DESCRIPTION OF THE TASK: Where the line containing "(00:02:02.2)" appears in the entries below, begin there and output every line through the last, exactly, minus the pictures.

** Opening DATA TO USE block **

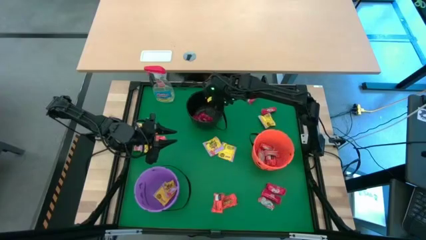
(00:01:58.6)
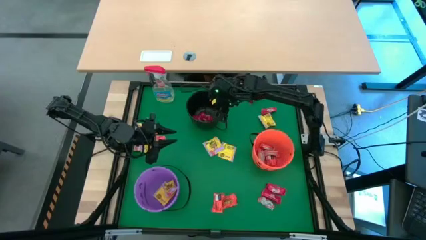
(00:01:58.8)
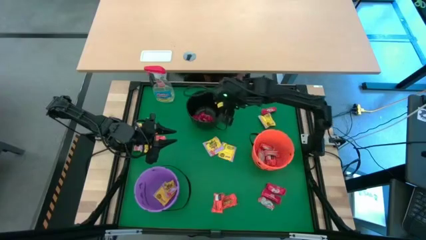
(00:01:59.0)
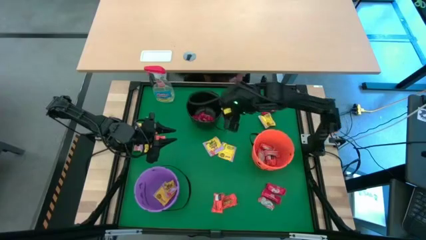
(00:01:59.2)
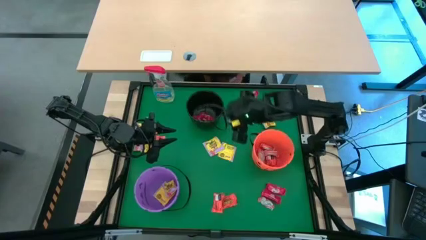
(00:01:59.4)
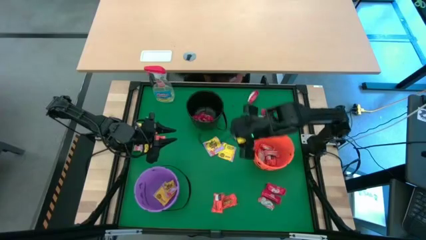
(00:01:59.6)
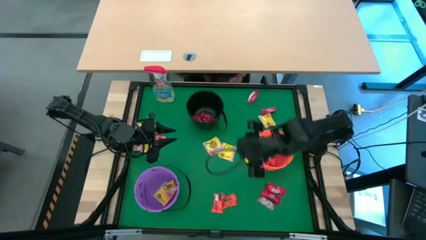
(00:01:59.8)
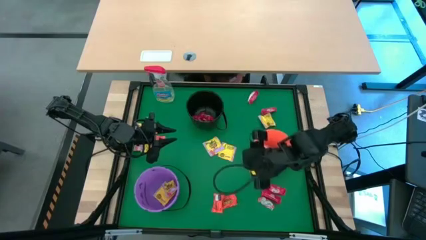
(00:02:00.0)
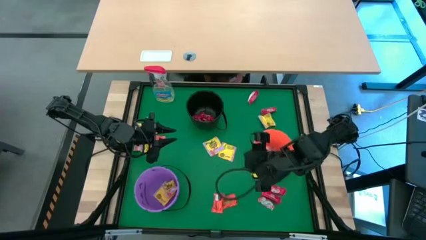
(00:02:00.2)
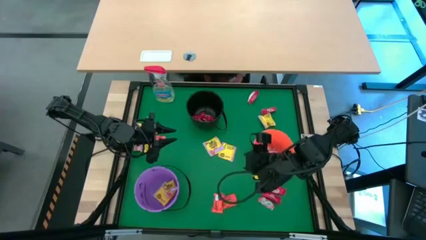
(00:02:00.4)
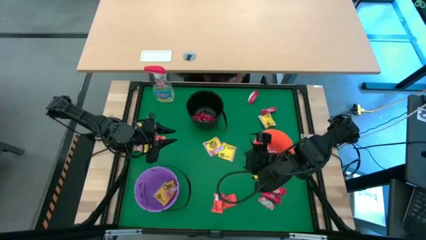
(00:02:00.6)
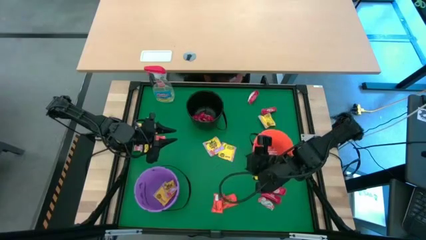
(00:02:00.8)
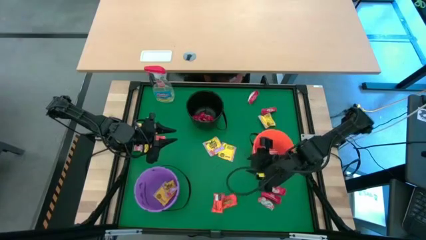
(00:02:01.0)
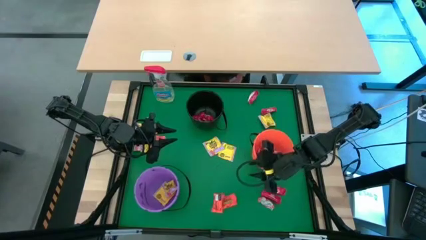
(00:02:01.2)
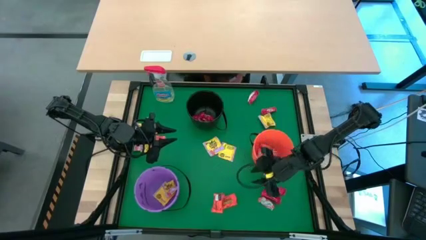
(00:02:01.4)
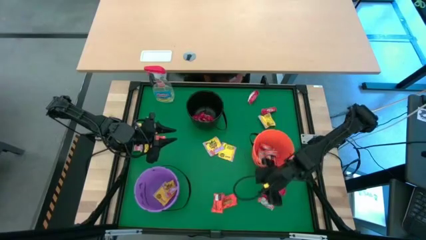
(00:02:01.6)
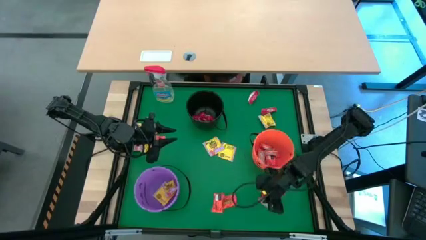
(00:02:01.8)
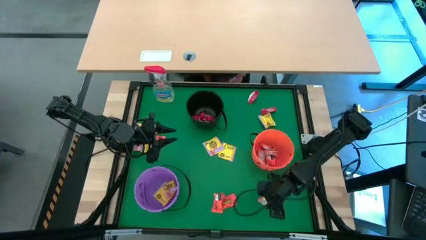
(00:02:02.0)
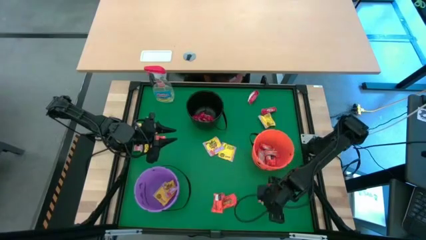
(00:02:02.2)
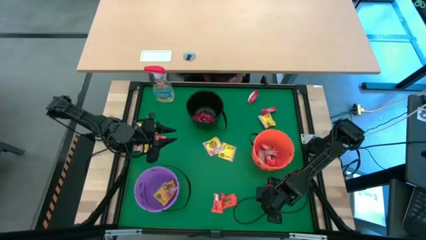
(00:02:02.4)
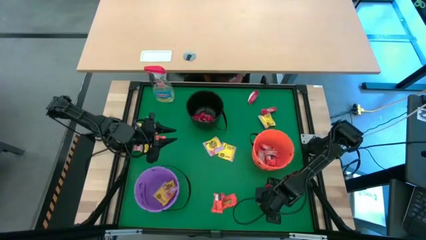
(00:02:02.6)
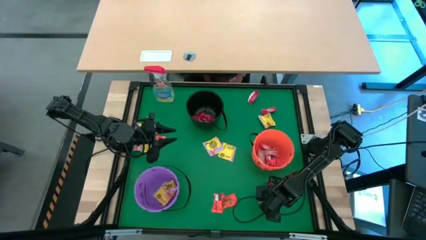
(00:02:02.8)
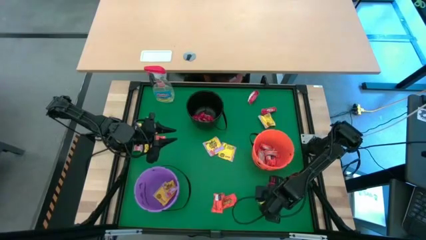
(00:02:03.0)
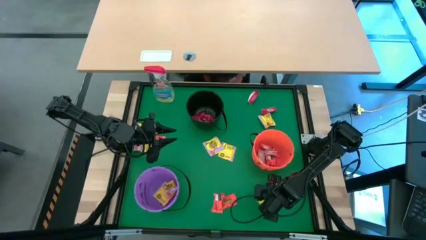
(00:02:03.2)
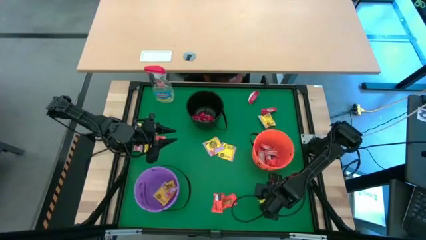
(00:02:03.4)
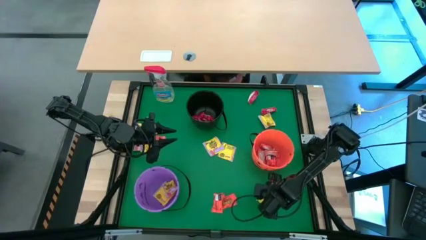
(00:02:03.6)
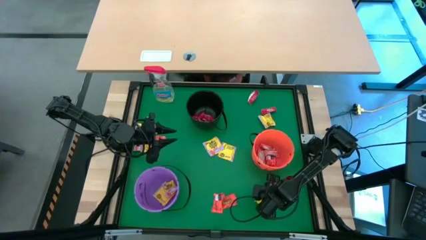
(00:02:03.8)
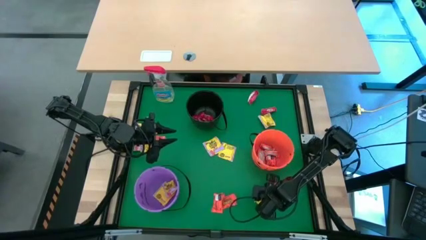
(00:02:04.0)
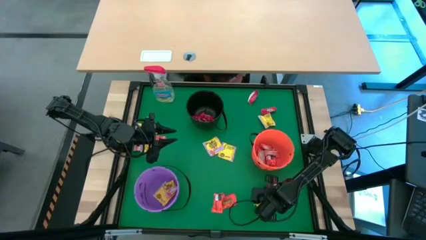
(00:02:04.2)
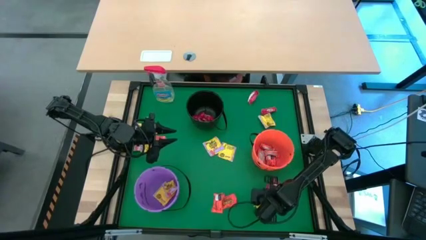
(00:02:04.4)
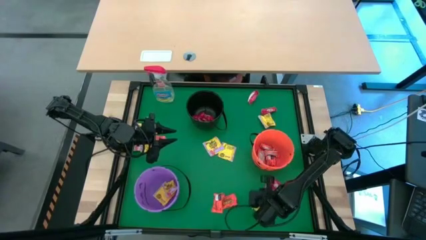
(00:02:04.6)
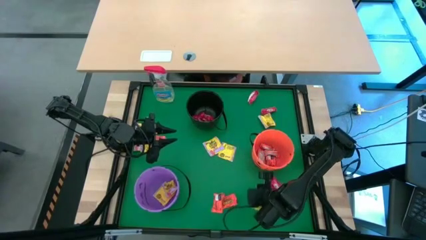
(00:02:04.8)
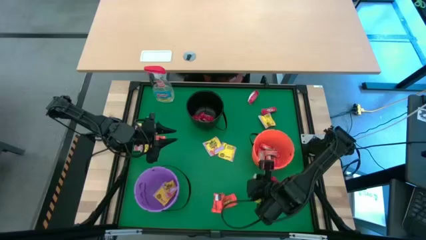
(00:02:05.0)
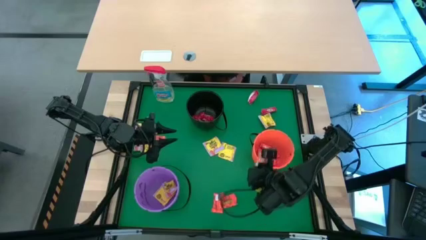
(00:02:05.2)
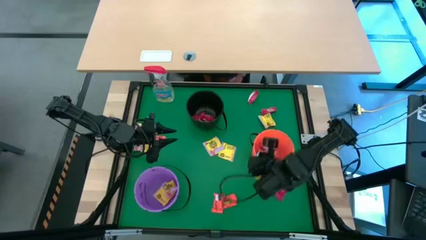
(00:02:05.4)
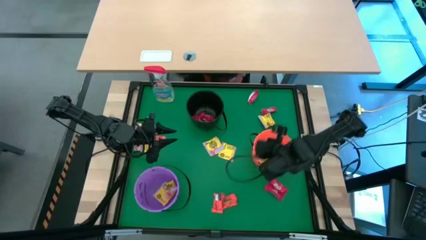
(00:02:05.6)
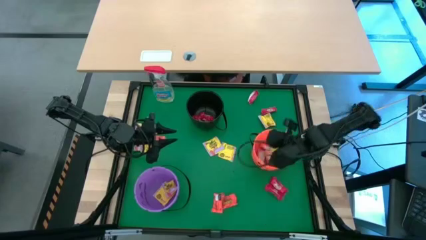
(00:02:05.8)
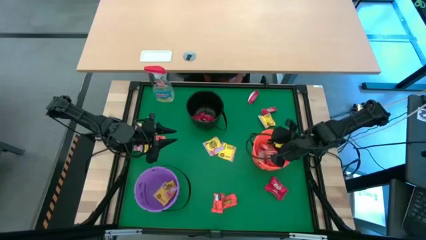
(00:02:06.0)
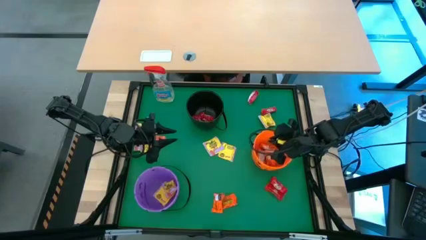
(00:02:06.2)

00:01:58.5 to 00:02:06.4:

** Closing DATA TO USE block **

YOUR RESPONSE:
(00:02:02.2)
(00:02:02.4)
(00:02:02.6)
(00:02:02.8)
(00:02:03.0)
(00:02:03.2)
(00:02:03.4)
(00:02:03.6)
(00:02:03.8)
(00:02:04.0)
(00:02:04.2)
(00:02:04.4)
(00:02:04.6)
(00:02:04.8)
(00:02:05.0)
(00:02:05.2)
(00:02:05.4)
(00:02:05.6)
(00:02:05.8)
(00:02:06.0)
(00:02:06.2)

00:01:58.5 to 00:02:06.4:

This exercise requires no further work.